Top of EXTRACTED DATA

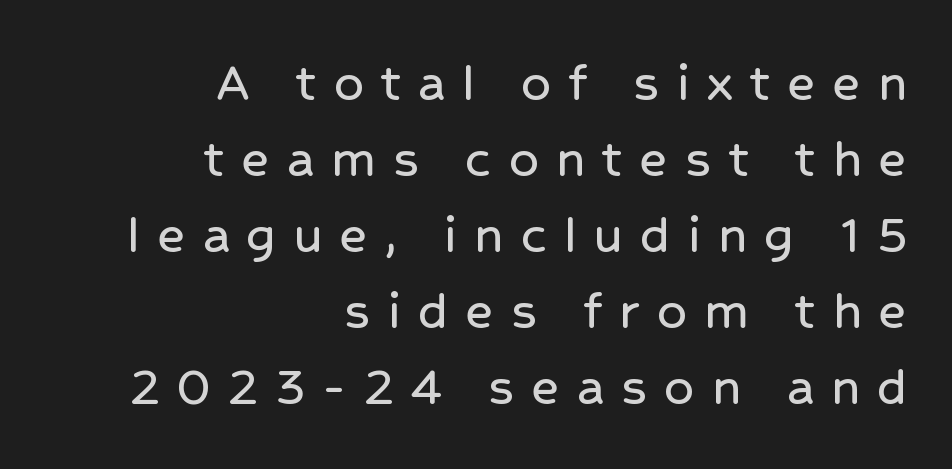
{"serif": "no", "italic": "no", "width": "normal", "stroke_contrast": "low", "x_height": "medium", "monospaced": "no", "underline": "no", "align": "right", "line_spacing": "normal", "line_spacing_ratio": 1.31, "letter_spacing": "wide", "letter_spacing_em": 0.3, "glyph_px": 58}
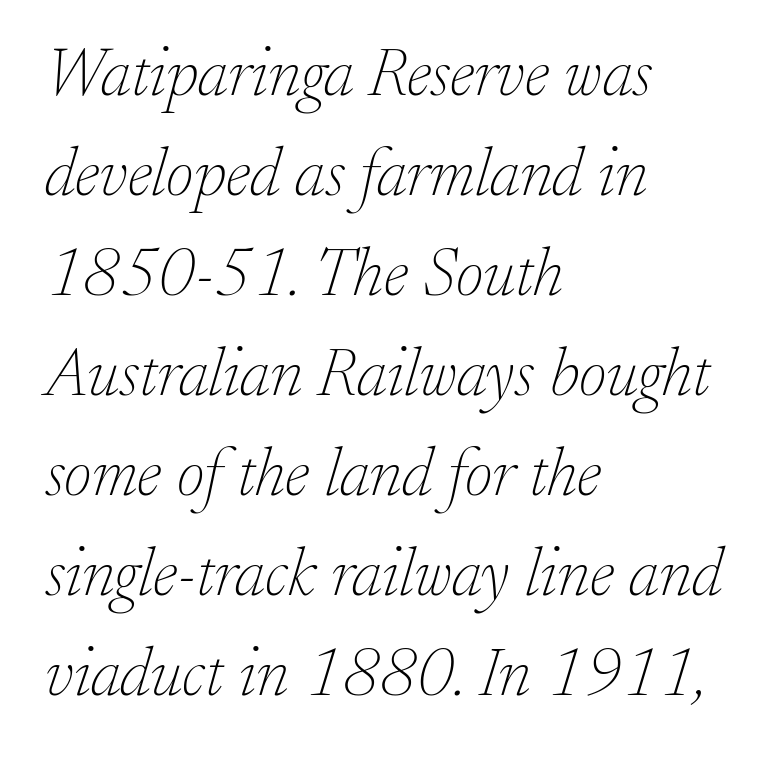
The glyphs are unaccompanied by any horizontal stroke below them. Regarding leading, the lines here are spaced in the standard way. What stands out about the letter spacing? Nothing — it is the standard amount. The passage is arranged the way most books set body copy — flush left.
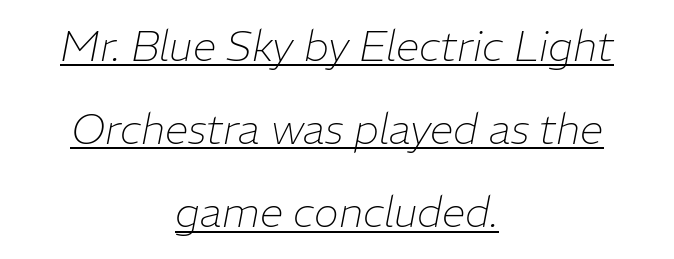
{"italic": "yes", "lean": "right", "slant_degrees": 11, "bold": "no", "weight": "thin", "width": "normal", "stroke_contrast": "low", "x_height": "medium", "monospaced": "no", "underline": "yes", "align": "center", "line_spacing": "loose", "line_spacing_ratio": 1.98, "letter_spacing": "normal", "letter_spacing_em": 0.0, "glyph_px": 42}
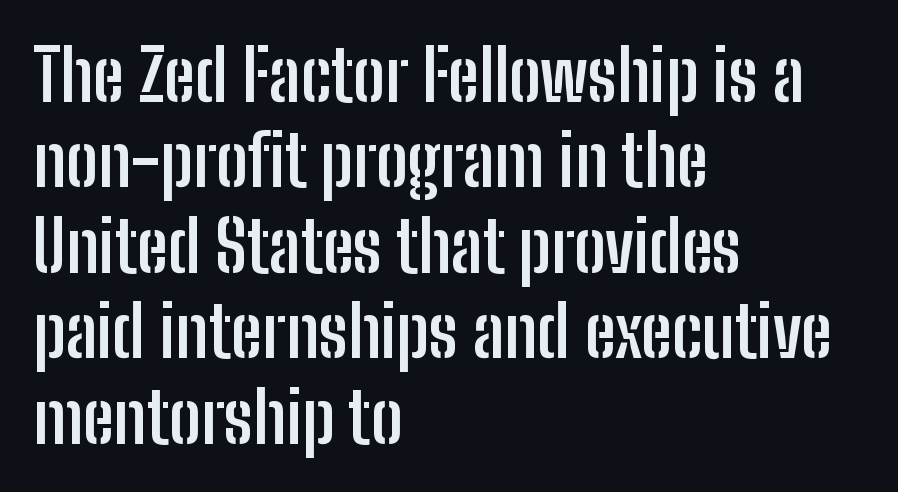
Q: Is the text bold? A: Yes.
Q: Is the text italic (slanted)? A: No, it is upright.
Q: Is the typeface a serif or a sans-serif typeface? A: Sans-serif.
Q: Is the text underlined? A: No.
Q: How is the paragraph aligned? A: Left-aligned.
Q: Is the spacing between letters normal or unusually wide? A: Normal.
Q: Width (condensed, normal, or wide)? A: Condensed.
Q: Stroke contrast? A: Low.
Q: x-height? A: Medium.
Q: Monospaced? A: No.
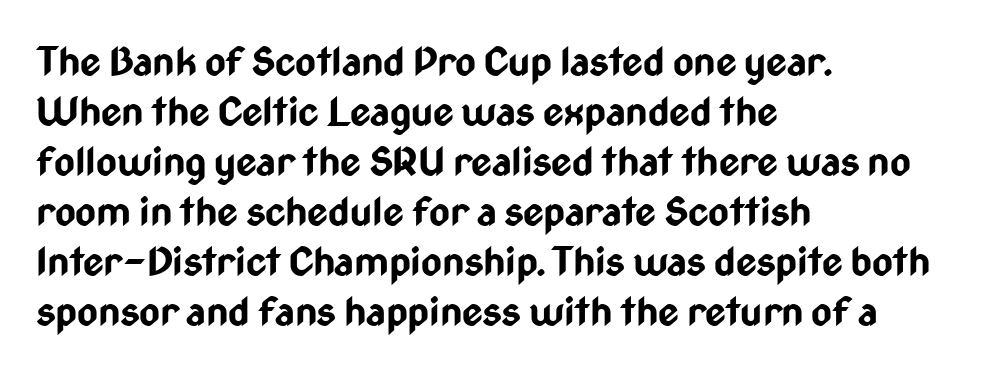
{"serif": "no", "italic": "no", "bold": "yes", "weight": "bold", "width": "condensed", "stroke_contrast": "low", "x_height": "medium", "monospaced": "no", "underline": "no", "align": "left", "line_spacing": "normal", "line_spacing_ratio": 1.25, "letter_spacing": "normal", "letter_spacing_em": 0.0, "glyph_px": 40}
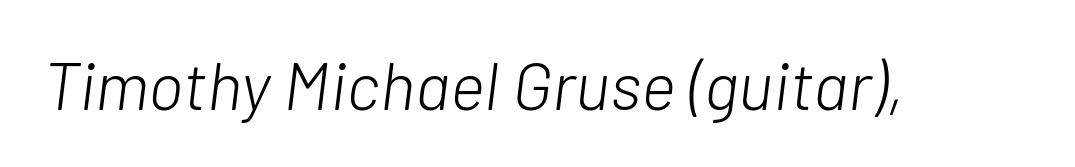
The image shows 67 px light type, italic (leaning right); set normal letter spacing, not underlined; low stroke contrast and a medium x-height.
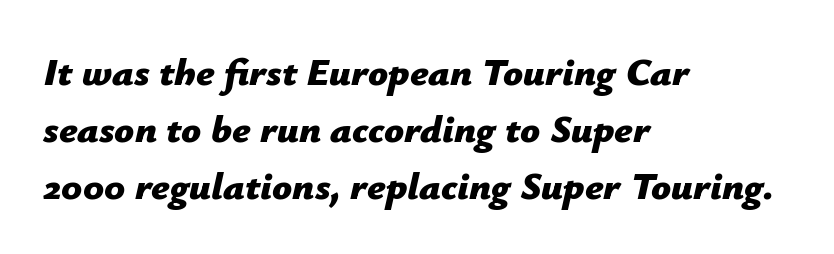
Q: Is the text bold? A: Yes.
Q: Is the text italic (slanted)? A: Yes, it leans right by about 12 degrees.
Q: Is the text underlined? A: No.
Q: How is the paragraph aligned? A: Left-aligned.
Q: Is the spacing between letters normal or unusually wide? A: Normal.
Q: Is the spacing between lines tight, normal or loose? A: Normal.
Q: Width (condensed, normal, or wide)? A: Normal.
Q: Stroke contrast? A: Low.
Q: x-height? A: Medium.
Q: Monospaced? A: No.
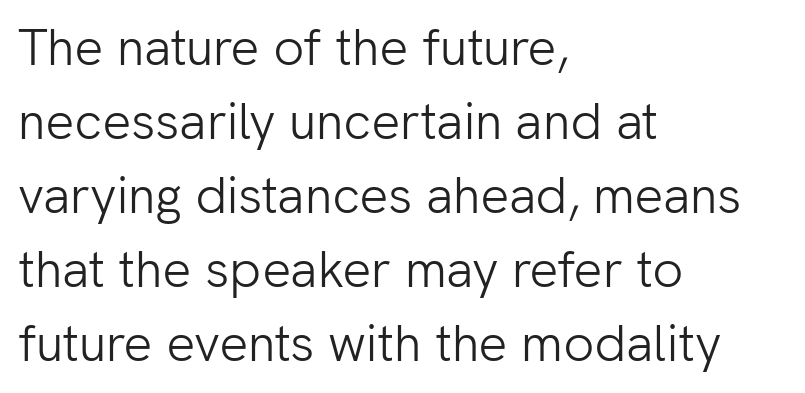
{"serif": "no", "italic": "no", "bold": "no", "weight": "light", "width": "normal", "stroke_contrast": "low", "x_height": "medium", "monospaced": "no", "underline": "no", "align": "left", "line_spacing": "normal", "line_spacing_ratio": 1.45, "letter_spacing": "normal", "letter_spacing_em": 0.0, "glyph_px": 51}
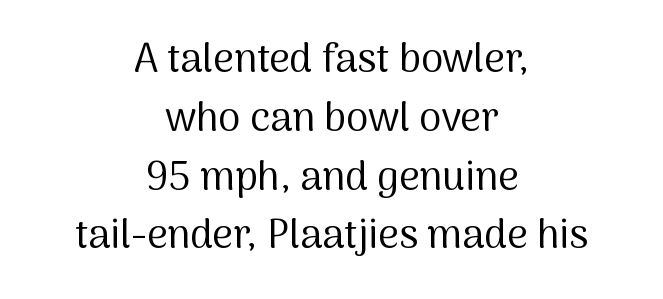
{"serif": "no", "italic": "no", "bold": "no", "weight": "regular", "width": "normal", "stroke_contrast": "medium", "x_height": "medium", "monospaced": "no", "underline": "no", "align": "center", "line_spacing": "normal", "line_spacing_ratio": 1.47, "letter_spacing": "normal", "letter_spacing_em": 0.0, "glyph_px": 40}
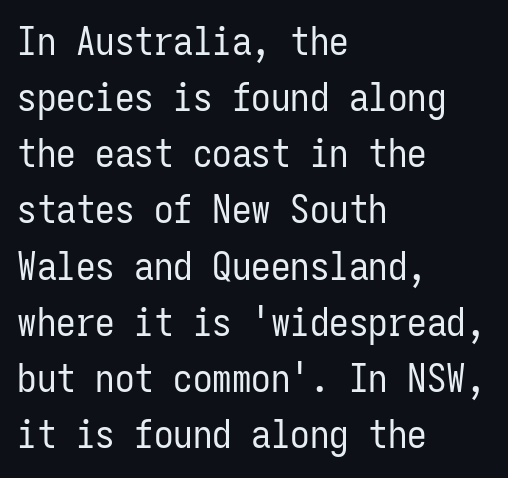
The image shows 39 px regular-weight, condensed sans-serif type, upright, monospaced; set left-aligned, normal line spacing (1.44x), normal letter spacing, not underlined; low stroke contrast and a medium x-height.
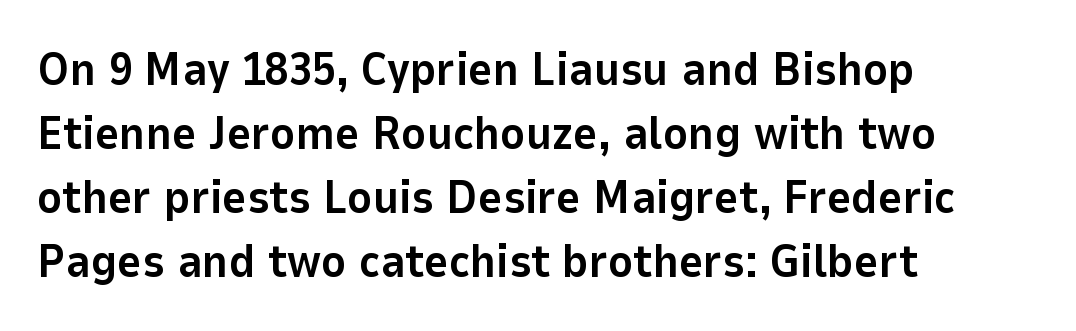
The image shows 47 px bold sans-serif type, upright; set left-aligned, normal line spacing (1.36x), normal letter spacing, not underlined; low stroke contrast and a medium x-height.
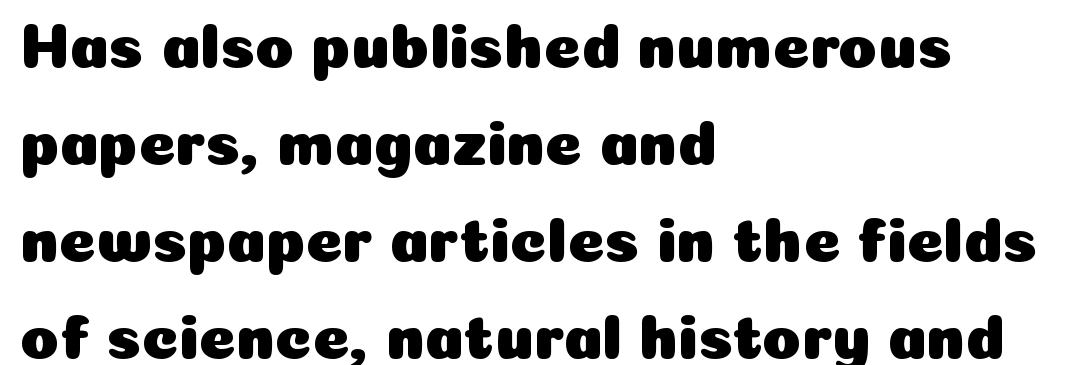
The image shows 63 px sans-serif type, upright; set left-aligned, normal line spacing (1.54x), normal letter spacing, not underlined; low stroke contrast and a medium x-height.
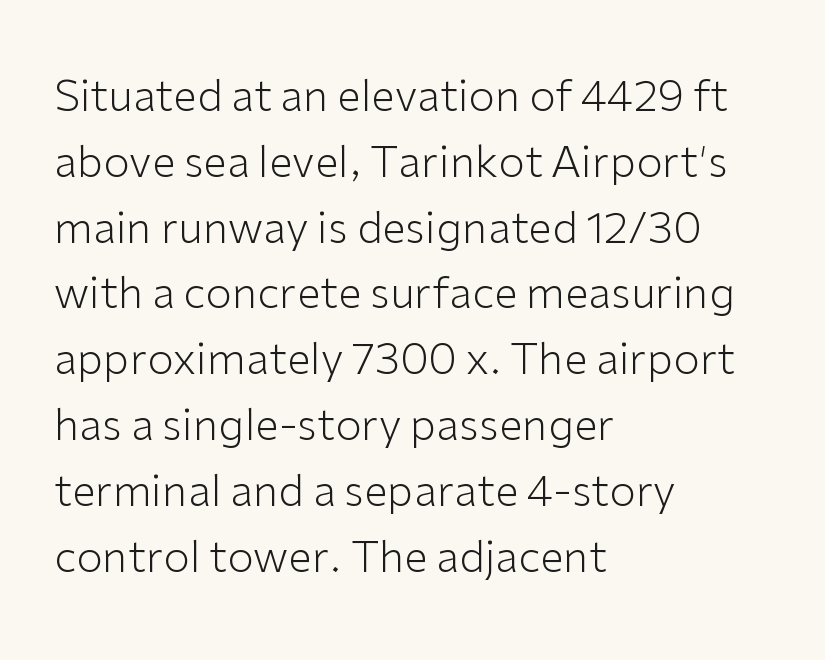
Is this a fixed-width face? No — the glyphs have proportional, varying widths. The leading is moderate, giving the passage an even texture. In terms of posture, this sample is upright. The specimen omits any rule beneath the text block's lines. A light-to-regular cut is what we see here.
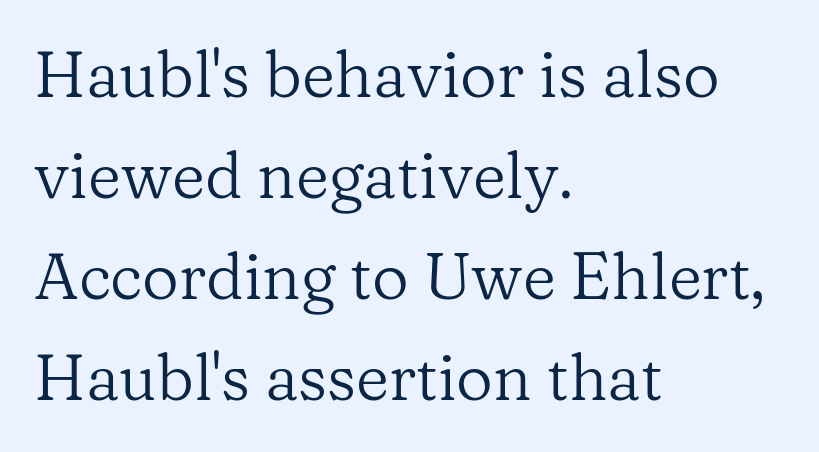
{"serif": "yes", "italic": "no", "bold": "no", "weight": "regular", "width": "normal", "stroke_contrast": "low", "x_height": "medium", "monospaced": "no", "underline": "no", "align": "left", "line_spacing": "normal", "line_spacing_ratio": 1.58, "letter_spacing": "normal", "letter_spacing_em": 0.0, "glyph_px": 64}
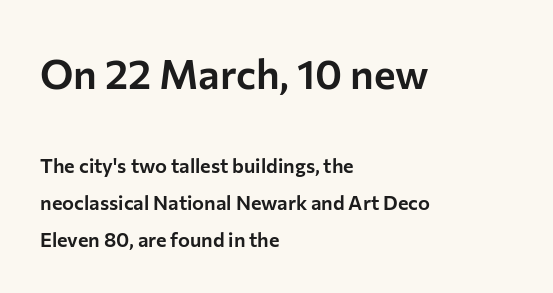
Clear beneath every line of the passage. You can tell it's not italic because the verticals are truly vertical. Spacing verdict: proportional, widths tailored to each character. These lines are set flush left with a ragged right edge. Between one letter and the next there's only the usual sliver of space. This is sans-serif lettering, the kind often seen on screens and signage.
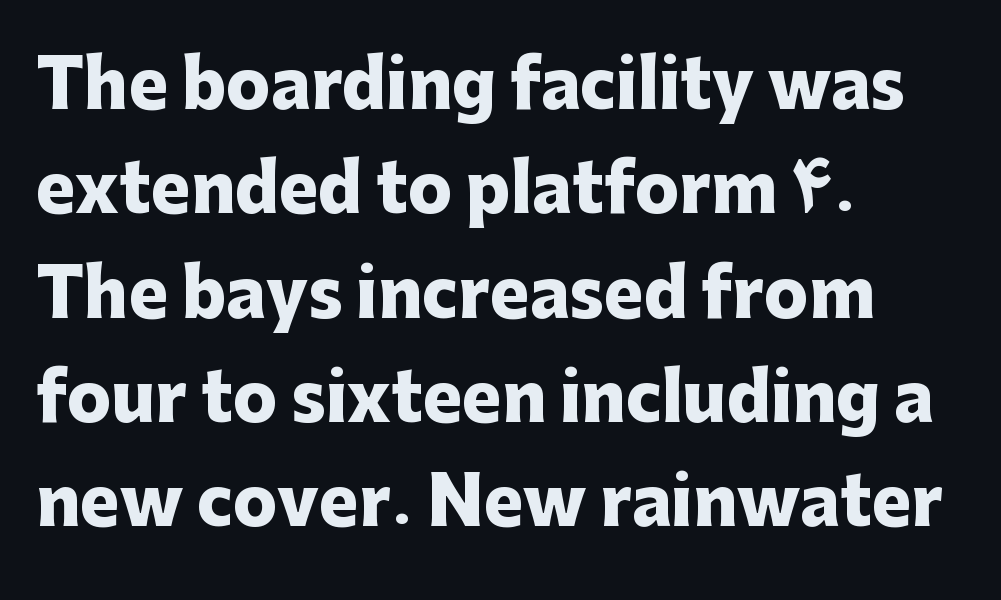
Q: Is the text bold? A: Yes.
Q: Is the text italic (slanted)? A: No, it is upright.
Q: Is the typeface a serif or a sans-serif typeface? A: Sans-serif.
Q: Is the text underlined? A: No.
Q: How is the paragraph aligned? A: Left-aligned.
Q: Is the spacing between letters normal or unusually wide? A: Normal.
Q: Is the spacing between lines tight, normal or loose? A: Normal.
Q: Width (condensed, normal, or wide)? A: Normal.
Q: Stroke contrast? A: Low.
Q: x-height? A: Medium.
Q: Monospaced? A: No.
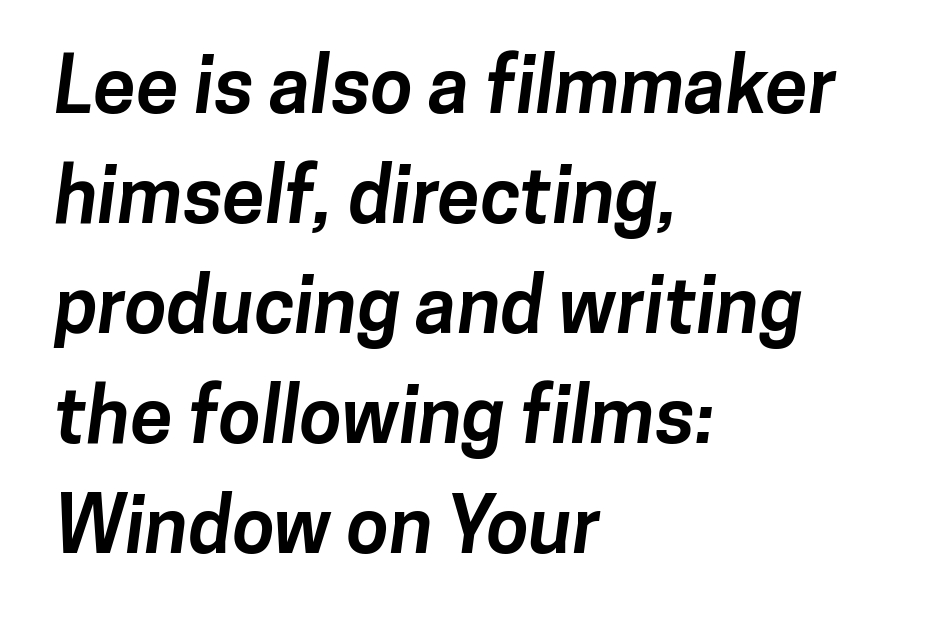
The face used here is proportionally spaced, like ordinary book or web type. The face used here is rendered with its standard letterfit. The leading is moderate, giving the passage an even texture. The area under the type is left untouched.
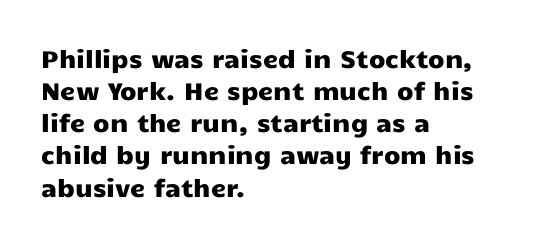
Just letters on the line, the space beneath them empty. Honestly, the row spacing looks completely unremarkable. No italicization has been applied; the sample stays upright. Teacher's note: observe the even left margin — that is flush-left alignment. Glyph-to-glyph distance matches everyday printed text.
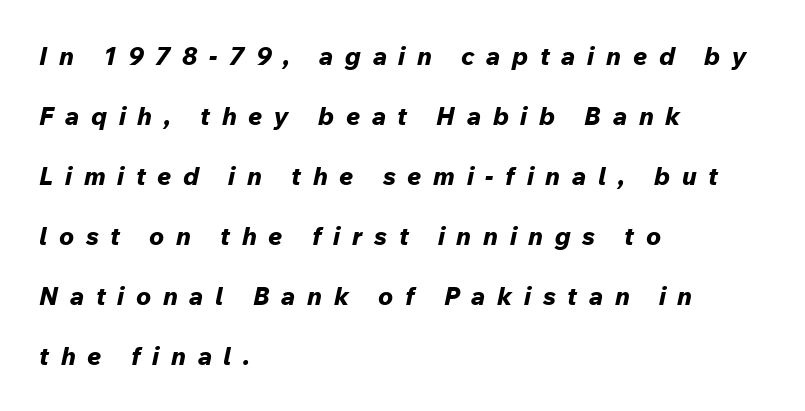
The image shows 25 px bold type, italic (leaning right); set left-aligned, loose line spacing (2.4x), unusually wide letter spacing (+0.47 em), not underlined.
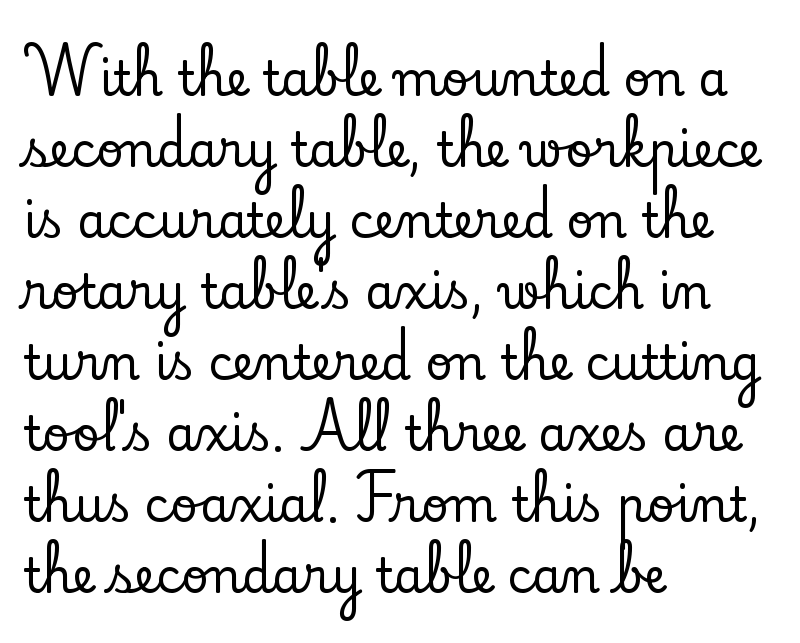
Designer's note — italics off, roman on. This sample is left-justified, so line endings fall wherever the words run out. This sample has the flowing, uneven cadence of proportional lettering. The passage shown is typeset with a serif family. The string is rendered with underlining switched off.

Bottom of EXTRACTED DATA

> **EXERCISE DIRECTIONS**
Copy everything above from the line holding "The image shows 39" down to the line holding "The image shows 47", both ends included, exactly as it stands and without the pictures.

> **PROBLEM SOLUTION**
The image shows 39 px regular-weight, condensed sans-serif type, upright, monospaced; set left-aligned, normal line spacing (1.44x), normal letter spacing, not underlined; low stroke contrast and a medium x-height.
The image shows 47 px bold sans-serif type, upright; set left-aligned, normal line spacing (1.36x), normal letter spacing, not underlined; low stroke contrast and a medium x-height.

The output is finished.